The search follows another one Thursday by the FBI and the U.S. Postal Inspection Service. Three homes were searched in New York and New Jersey belonging to Dr. Kenneth M. Berry, a physician with a background in bioterrorism research.
An FBI spokesman would not confirm the identity of the car's owner or whether Saturday's search was related to the other searches.
Five people died from anthrax exposure in a string of attacks that began in September 2001, when the nation was already gripped with fear and mourning after the terrorist attacks of September 11.
Letters containing anthrax were mailed to two U.S. Senate offices, television network news offices in New York and a tabloid newspaper in Florida.
Despite an intensive investigation, no one has ever been arrested in connection with the mailings.
As of late May, investigators had interviewed more than 5,200 people and issued nearly 4,500 subpoenas, according to the FBI. They had also conducted other searches, including draining a pond near Frederick, Maryland.
Tests of soil samples taken after the draining yielded no evidence of anthrax. The pond is about eight miles from the Army Medical Research Institute of Infectious Diseases at Fort Detrick, where researcher Steven Hatfill once worked.
Hatfill has been named a "person of interest" by the FBI in the anthrax case but has maintained that he had no involvement.
Last August, Hatfill filed suit against Attorney General John Ashcroft, the Justice Department and FBI, saying his constitutional rights were violated. In May, a judge granted the government more time to prepare its case. (Full story)
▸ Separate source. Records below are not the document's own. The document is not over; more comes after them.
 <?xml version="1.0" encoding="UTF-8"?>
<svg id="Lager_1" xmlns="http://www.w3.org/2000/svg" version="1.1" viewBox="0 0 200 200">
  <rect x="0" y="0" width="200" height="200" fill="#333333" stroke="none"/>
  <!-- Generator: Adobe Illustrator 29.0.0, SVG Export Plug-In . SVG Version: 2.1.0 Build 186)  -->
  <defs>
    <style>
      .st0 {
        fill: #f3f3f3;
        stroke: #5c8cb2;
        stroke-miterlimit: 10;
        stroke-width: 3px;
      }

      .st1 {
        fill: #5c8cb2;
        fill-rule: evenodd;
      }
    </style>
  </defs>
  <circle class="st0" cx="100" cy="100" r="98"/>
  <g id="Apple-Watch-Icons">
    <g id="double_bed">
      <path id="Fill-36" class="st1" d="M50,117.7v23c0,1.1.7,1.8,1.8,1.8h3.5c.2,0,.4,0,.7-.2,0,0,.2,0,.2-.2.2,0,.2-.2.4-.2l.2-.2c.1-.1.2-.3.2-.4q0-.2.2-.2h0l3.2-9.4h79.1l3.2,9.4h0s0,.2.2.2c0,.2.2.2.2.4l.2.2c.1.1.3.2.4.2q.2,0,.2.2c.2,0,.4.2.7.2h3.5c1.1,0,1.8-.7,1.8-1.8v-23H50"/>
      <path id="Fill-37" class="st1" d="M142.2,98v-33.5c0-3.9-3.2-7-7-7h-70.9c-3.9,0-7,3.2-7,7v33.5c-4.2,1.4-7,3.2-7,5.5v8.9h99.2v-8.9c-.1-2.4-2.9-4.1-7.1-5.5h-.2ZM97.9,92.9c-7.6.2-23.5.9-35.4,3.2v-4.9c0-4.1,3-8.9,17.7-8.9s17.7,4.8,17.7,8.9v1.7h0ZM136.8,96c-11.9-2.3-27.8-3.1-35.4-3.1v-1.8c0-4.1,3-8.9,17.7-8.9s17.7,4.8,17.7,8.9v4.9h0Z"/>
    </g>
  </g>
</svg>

The search of Berry's homes points to an apparent shift in the investigation.
Berry is the founder of an organization to instruct emergency personnel on responding to biological, chemical or nuclear attacks. He was arrested Thursday on domestic abuse charges in New Jersey after police received a 911 call about a fight at a motel.
He was later released on $10,000 bond.
In September 2001, shortly after the anthrax attacks began, Berry filed an application with the U.S. Patent and Trademark Office for a patent on a system to identify chemical and biological agents.